Che cos’è Milano? Un dispositivo-città in cui impazzire lentamente, una macchina-mostro oniricofagica, un artefatto di cristallo annerito. Che cosa sono io? Il prodotto tumefatto delle relazioni che ho attraversato e dei luoghi che hanno lasciato bruciature sulla mia pelle, una nube di carne e pensiero che attraversa il cemento e l’acciaio, dentro e fuori di sé.
Milano nel 2017 mutava e radiava, dilatava il suo calcestruzzo impermeabile sulle forme del modello Expo, contraendo settori di popolazione inerte e battuta, deformando l’orizzonte con le gru. Io ero un ammasso di nostalgia e rabbia, e giravo da solo per concerti, cercando i miei simili nelle periferie e negli squat, ricercando una forma di identità che sfumasse i contorni della mia individualità cancerogena, che producesse gli scoppi duraturi di una realtà collettiva.
La storia dell’hardcore a Milano affonda le radici negli anni della controcultura e della lotta, in quei settanta feroci di Alice, delle barricate e delle occupazioni. Nel dettaglio, negli anni del Virus (centro sociale n.d.a.) e della parola d’ordine No Future intorno a cui si riunivano i cani randagi della capitale meneghina. Ciclostili che sputavano fanzine, scontri, moltitudini affaccendate nel demolire un mondo che opprime per opprimere, che esclude per escludere; concerti, ovviamente, come apoteosi di un rituale collettivo su cui fondare una palingenesi delle periferie ideologiche, per ridiscutere lo spazio geografico-politico e definirne il centro.
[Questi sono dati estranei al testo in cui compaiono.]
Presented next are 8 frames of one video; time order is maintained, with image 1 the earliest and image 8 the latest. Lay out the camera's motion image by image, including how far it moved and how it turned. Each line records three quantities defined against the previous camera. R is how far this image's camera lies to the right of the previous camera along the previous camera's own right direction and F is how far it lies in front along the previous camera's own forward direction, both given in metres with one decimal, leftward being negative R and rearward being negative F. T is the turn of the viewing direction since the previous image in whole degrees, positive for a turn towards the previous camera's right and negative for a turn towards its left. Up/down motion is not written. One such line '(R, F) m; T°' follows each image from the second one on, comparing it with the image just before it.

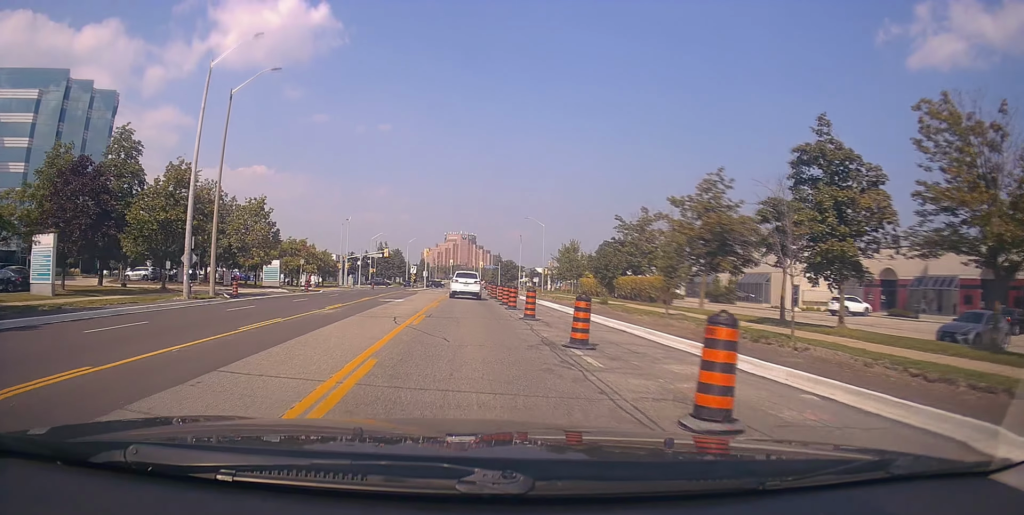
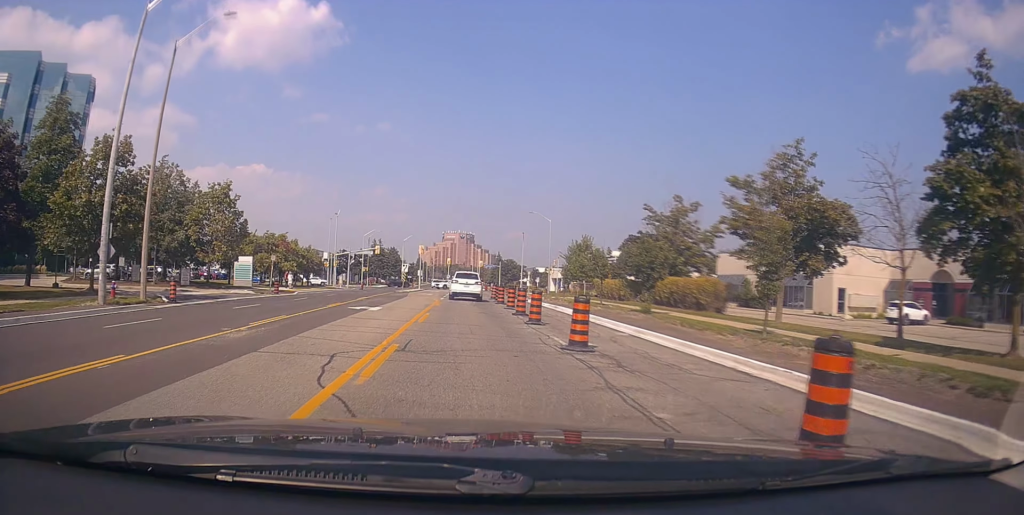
(+0.1, +8.3) m; 0°
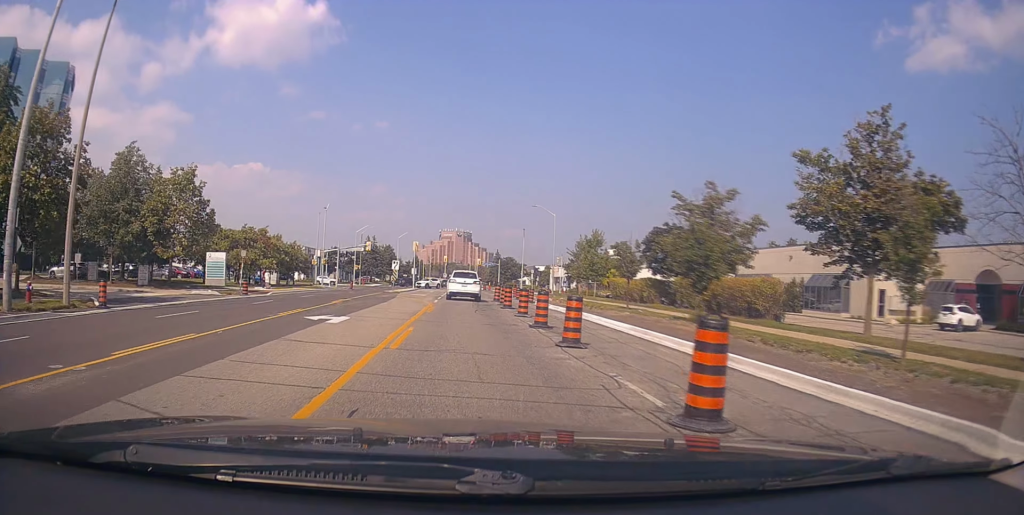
(+0.1, +6.4) m; -1°
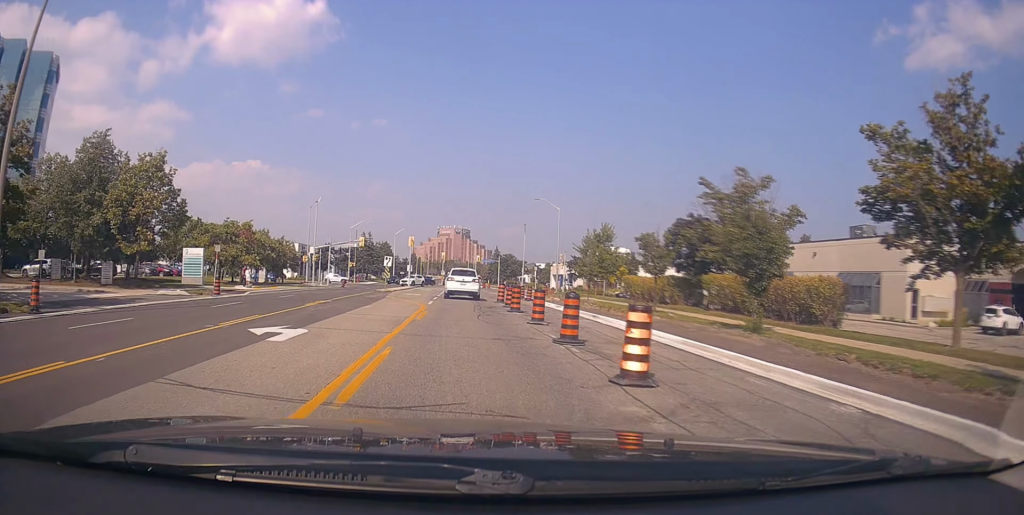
(-0.1, +4.6) m; 0°
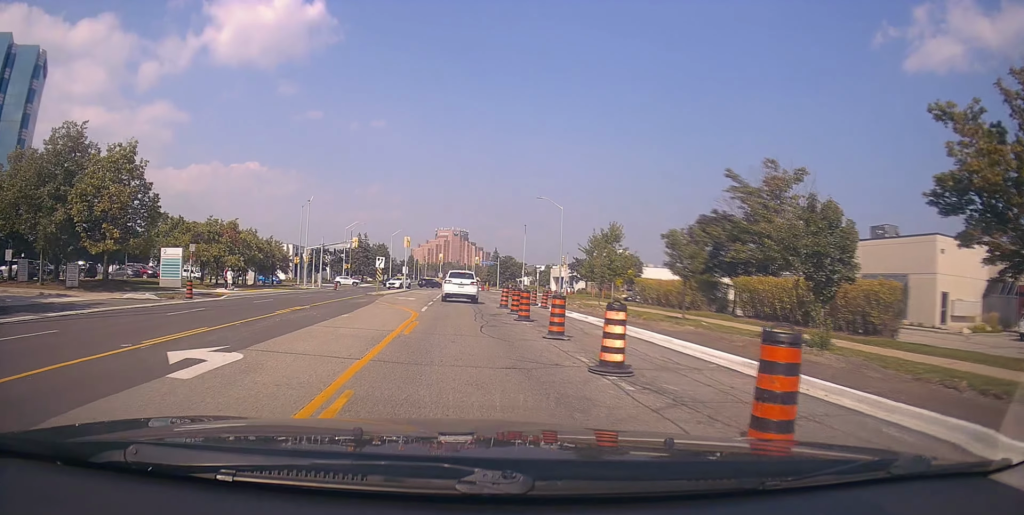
(-0.1, +3.8) m; 0°
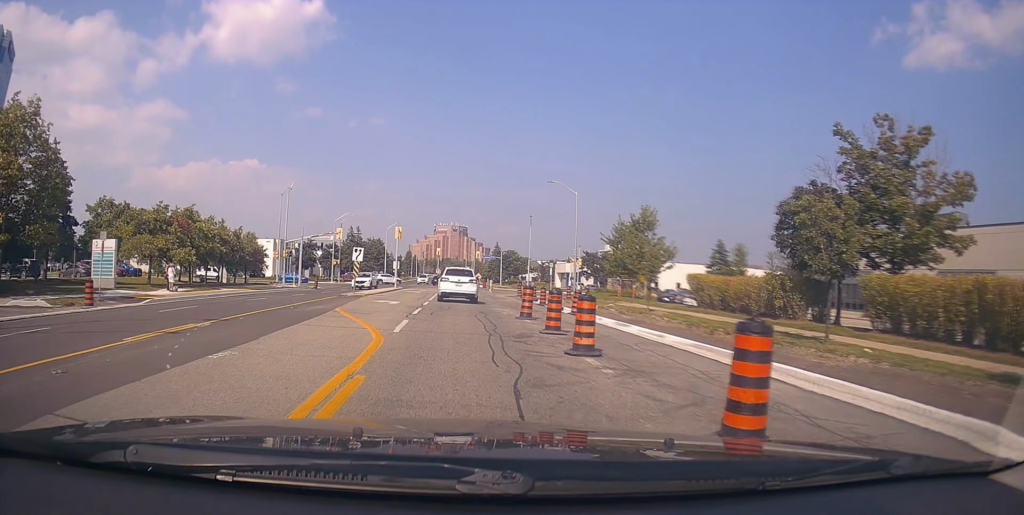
(+0.2, +9.9) m; +4°
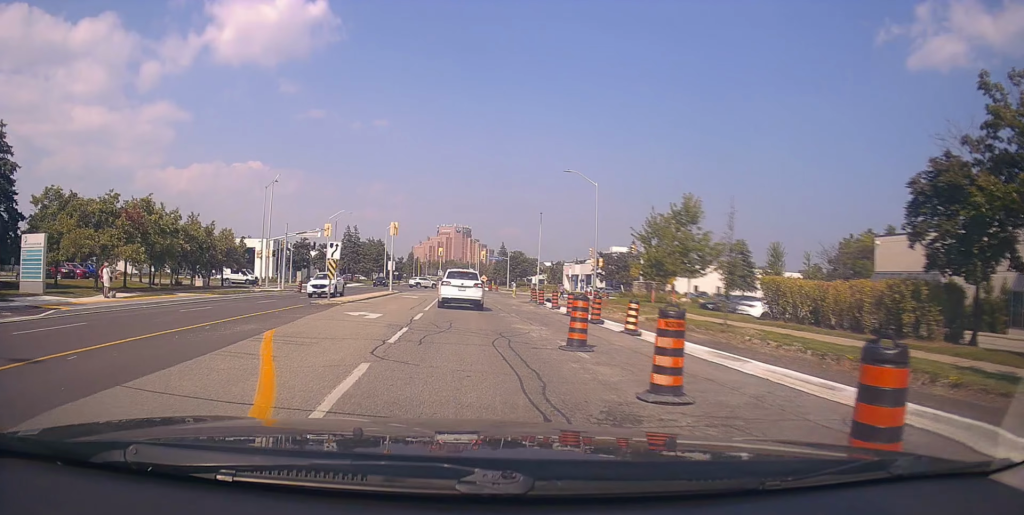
(+0.4, +7.9) m; -1°
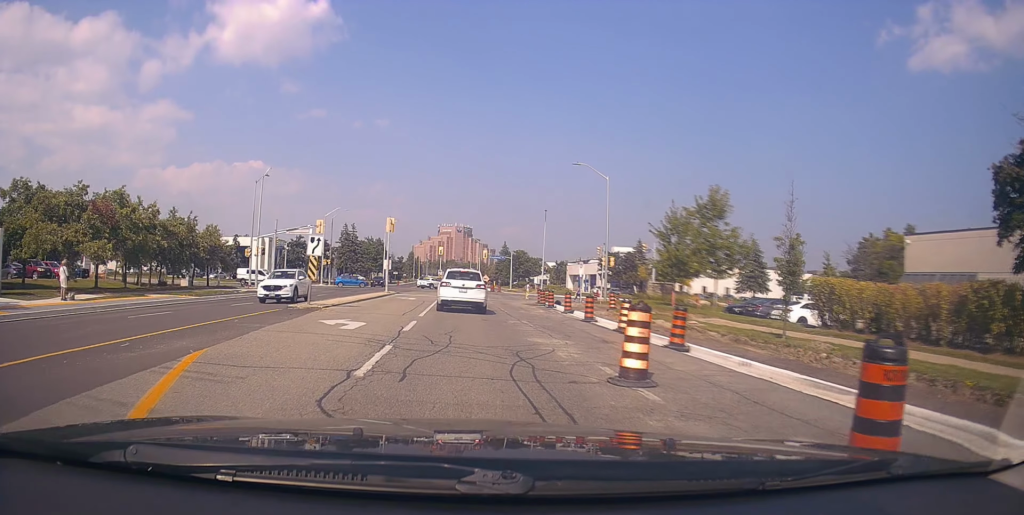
(-0.2, +3.7) m; -2°

Sono consapevole che un altro modello sociale e culturale sembra abbia vinto e sepolto sotto cumuli di macerie le speranze di un nuovo mondo possibile, e necessario oggi più di allora. Ricerco affannosamente chi come me si ostina a resistere, e urla attraverso la musica il proprio dissenso.
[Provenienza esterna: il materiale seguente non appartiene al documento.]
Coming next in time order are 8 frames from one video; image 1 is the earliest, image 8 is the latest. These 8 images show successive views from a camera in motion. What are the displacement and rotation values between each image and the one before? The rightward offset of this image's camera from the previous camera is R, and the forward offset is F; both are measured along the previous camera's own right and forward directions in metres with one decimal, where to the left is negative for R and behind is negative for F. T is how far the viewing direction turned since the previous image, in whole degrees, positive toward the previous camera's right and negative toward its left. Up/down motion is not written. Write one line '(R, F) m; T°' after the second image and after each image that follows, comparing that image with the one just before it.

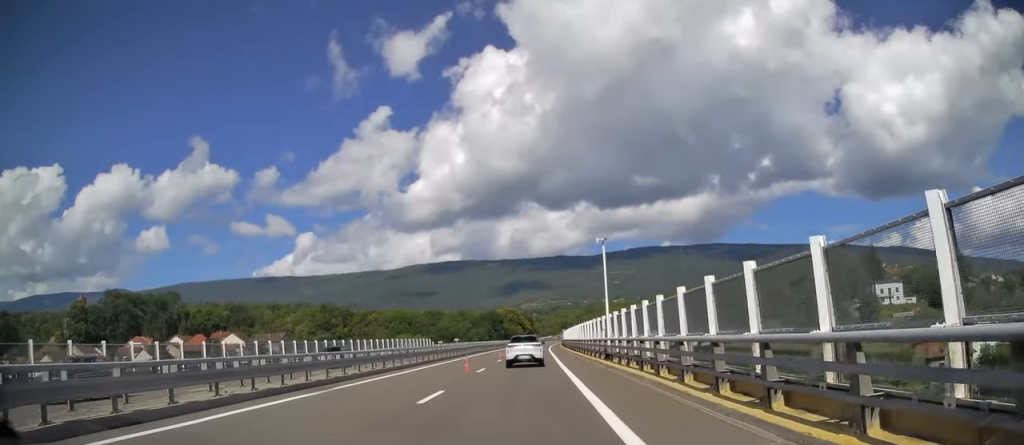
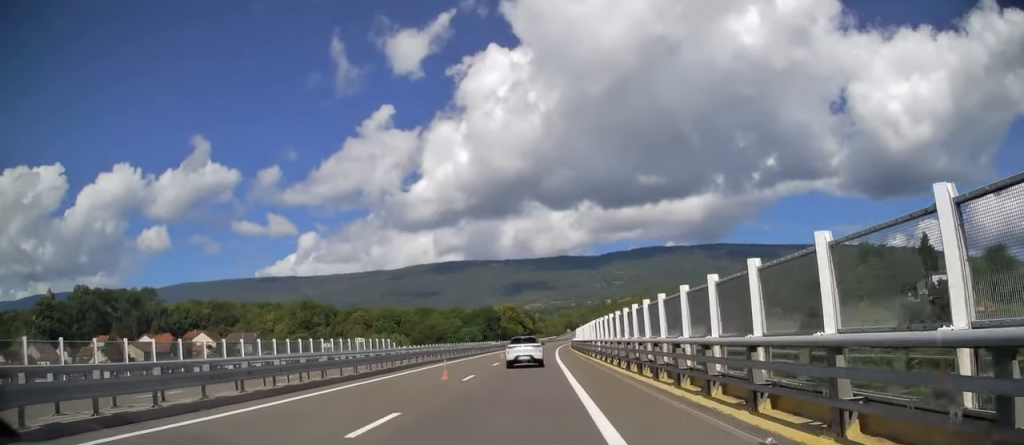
(+0.2, +30.4) m; 0°
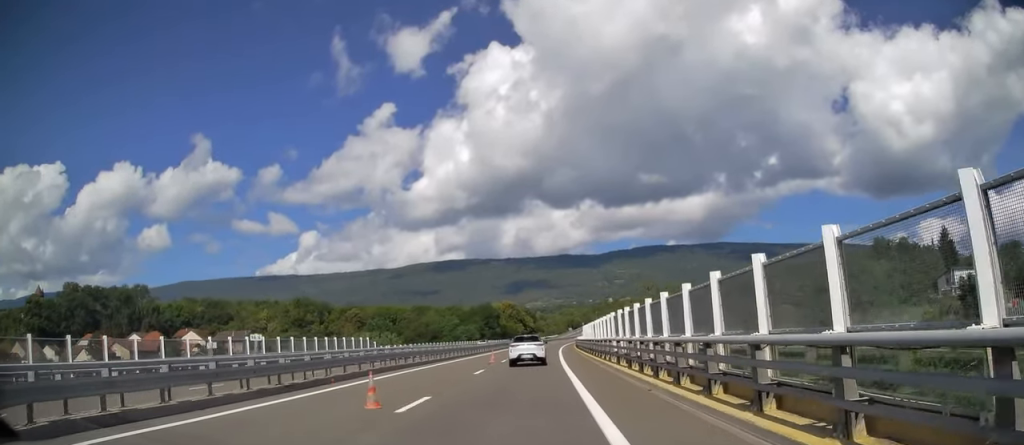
(-0.1, +9.8) m; 0°
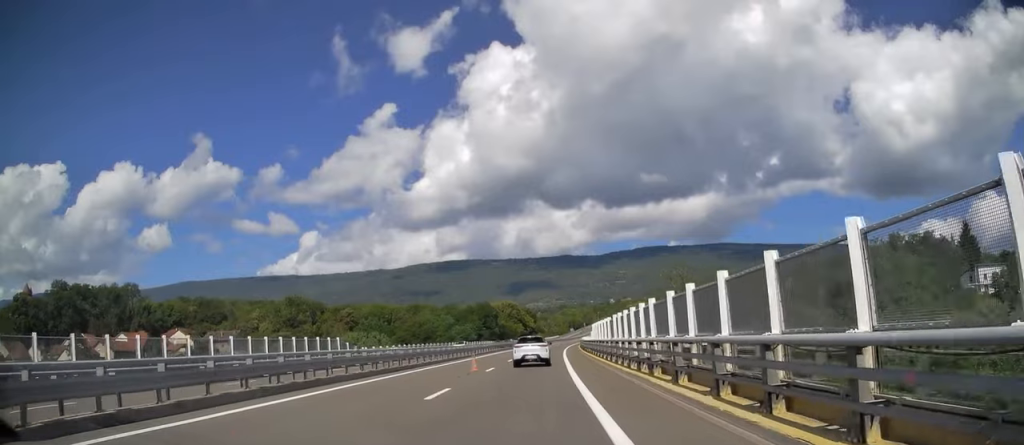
(-0.2, +10.2) m; 0°
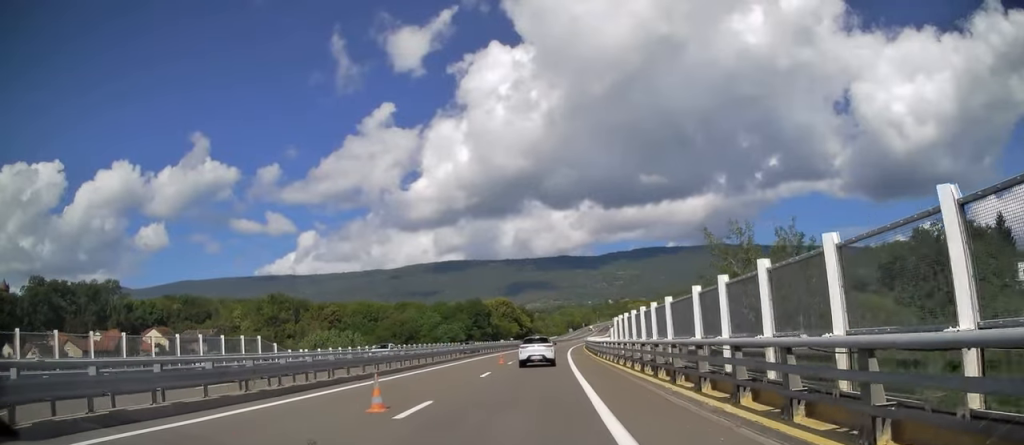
(+0.1, +16.3) m; 0°
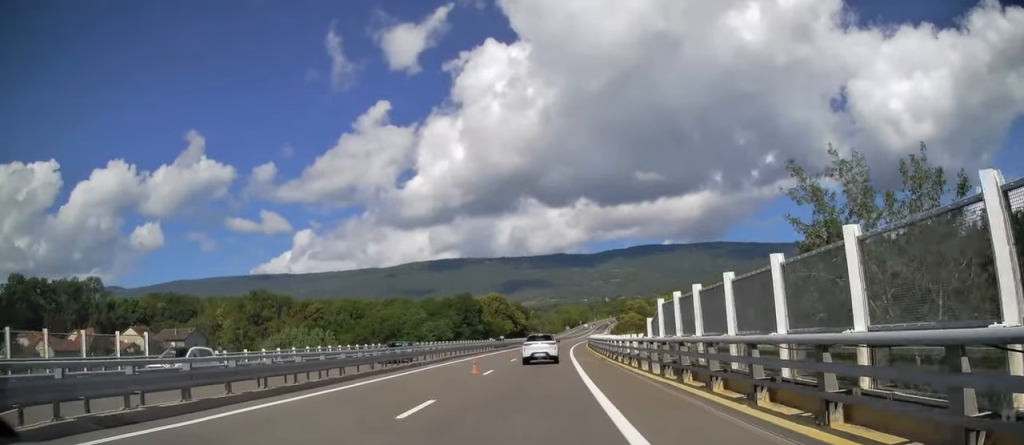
(+0.2, +12.9) m; 0°
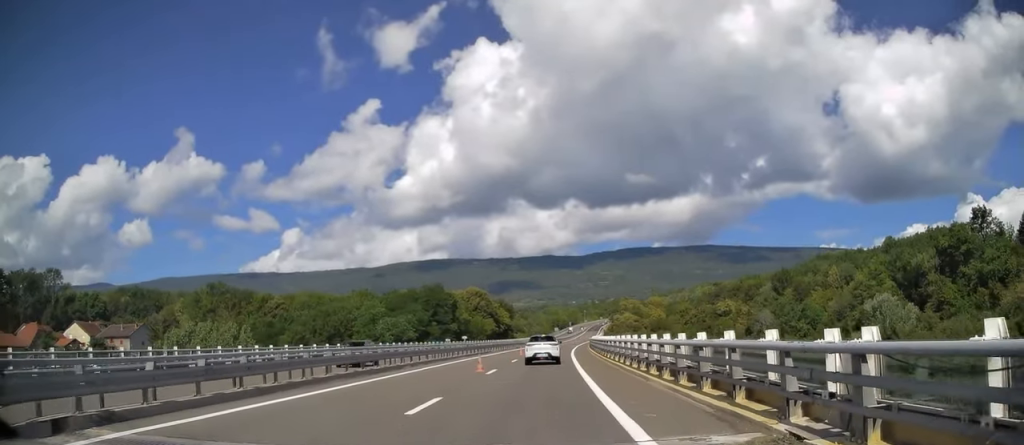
(-0.2, +25.1) m; +1°
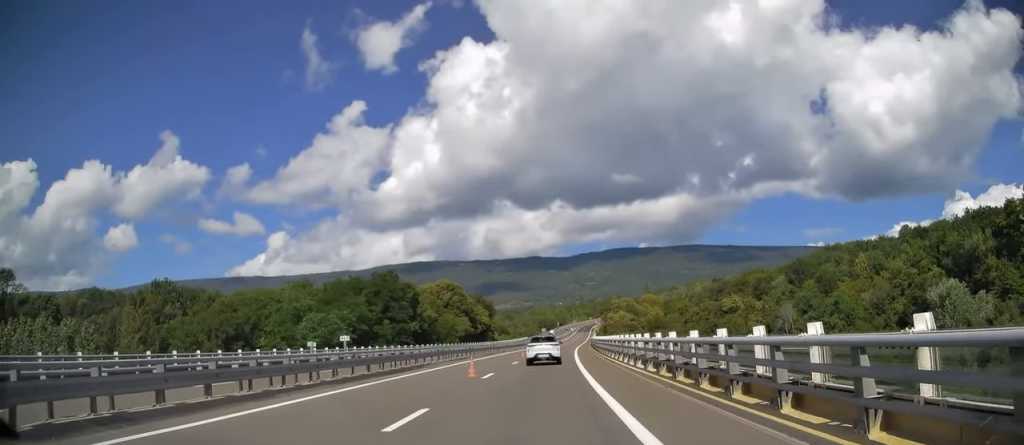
(+0.9, +27.1) m; +2°

Il primo accenno di follia collettiva lo raggiungo quando suonano i Totorro (math-rock, Francia) allo spazio Ligera, isola dell’underground nella giungla etnocentripeta di via Padova. È il 2017, autunno, e quei suoni si affastellano sulla mia carne, mi cingono in un abbraccio, come me sorridono altre cento persone, forse, qualcuno l’ho rivisto poi, altri li ho persi. Seguono anni in cui milito nelle fila di una nicchia ostinata e incredibilmente recettiva, al Circolo Magnolia ascolto gli And So I Watch You From Afar insieme ad altre venti persone, poi i Touché Amoré in Santeria Toscana insieme ai Defheaven, tantissimi piccoli live a Casa Gorizia, l’ultimo live dei Batienne, per esempio. È un vagare tra i corpuscoli di una scena che si aggrega e cresce, un virus che si diffonde costante e venefico, e mette in discussione il parossismo estetico intrinseco della metropoli. E poi è esploso il Covid. La storia la conosciamo tutte e tutti, inutile ripetersi. Ma se scrivo questo pezzo è per disegnare una cartina di cosa si muove oggi, e per fortuna a muoversi siamo in tante e tanti.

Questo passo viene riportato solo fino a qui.